I came across Niall Murphy (one of the OGs of the SRE books) post on What SRE is not few weeks ago and it honestly has been a game changer for me (no exaggeration here 🙂), I loved it so much that this is the 3rd time I referred it (blogged it internally and shared it on LinkedIn).
You could stop reading this post and read Niall’s post instead - I’d probably worth your time more.
- But if you are still here
- shameless plug, I wrote What is SRE last month, in which I tried to clarify the differences between DevOps and SRE.
In his post, Niall described what SRE is not (or what can you remove from SRE and have it still be SRE?). Looking at defining SRE this way actually helps me understand the practice of SRE better.
The TL;DR is SRE is an engineering role.
Because it’s an engineering role then it follows that:
- If the SREs don’t have access to the source code nor can change the code or the system design, then they aren’t doing SRE. The point here is SREs are to be trusted to provide deep engineering contribution to the systems they are supporting.
- If the SREs don’t write code, then you aren’t doing SRE. Niall calls this team an operations team with distributed system expertise, which is a valuable practice in itself – but like the point above, the team won’t be able to provide deep engineering contribution in terms of scaling, reliability, monitoring etc.
His point of SRE is best implemented in a “large” scale [system|business|data|users] clears up my own confusion on why not many companies implemented SRE (given the hype surrounds it).

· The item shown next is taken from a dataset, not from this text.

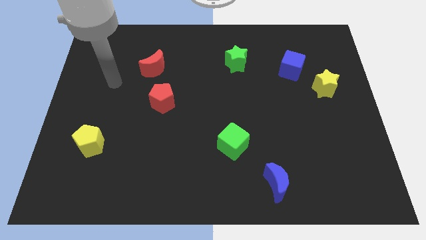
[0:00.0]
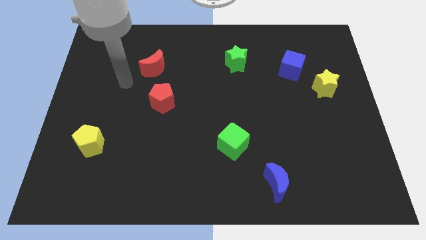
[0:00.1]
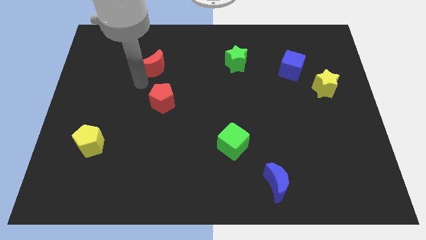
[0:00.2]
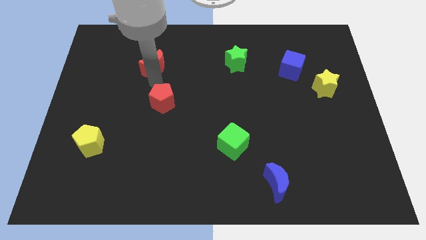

I love this his point about SRE job title:
SRE work does not require the SRE job title to perform. Conversely, having the SRE job title but not doing SRE work creates confusion and dismay
About Niall’s second statement above, I have experienced this myself from talking to people in the industry and looking at SRE job advertisements - so I really appreciate article like this that clearly articulates what SRE is (by defining what it is not).